Energy Harvesting Breakthrough

Molecular thermal motion has been studied but yet never been utilized as an energy source. In this work, researchers demonstrate that the energy of liquid molecular thermal motion can be converted into electrical energy by a novel harvesting device, the molecular thermal motion harvester (MTMH). The MTMH was made by using two ZnO-based nano-arrays and one of which was gold coated to form a Schottky junction. The assembled electrodes were immersed in different liquid phase environments. The device was demonstrated to convert the molecule thermal energy of the liquid into a continuous and stable electric current. The output voltage and current can achieve 2.28 mV and 2.47 nA, respectively, and increase with the liquid temperatures.
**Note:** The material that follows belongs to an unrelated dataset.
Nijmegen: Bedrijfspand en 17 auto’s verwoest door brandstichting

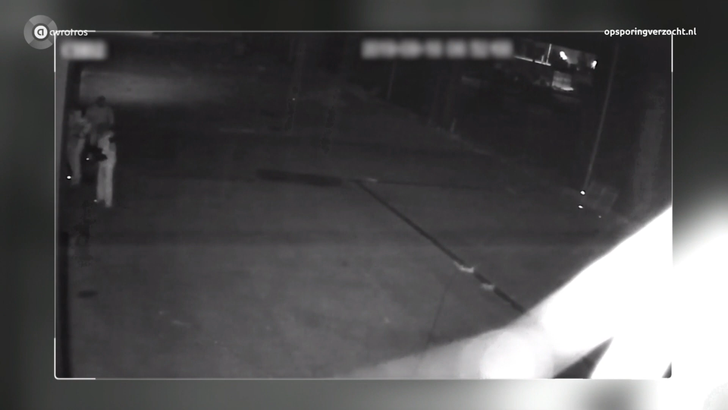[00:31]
Rond een uur of vijf gaan er drie personen met bivakmutsen bij de loods van een ondernemer aan de slag. Blijkbaar willen ze de boel openwrikken. Opvallend, wat heeft deze man toch op zijn mouw? De kleuren zijn door de nachtstand van de camera vertekend. Mogelijk dragen ze dus in werkelijkheid donkere kleding. Deze man draagt sowieso een Nikejas. Vooral opvallend hun samenstelling en bijvoorbeeld manier van bewegen. Zeker de voorste en de achterste lijken heel breed. En met name die laatste loopt best apart. Zo drentelen ze in totaal wel een kwartier rond de loodstaar in Nijmegen.
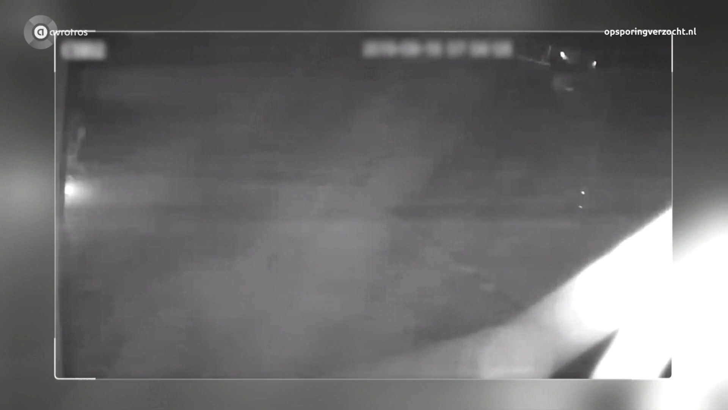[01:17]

This strategy opens new insights into the development of mini- and micro-scale energy sources, and it can be expected the MTMH will have broad applications in the future.
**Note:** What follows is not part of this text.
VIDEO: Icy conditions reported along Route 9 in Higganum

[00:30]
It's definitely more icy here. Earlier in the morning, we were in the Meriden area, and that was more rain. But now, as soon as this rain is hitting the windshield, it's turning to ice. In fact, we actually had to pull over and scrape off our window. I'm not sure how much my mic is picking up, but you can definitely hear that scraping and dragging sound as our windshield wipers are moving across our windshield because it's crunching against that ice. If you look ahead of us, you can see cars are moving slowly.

APL Materials – Molecular thermal motion harvester for electricity conversion

In the era of the Internet of Things (IoT) and 5G, energy demands are decentralized, mobile, and ubiquitous. Some mini- and micro-scale energy sources, such as airflow, human movement blood flow, ultrasound, etc., have already been explored and converted into electricity by various nano-energy generator technologies based on different schemes/mechanisms. Most of these conversions are based on mechanical energy.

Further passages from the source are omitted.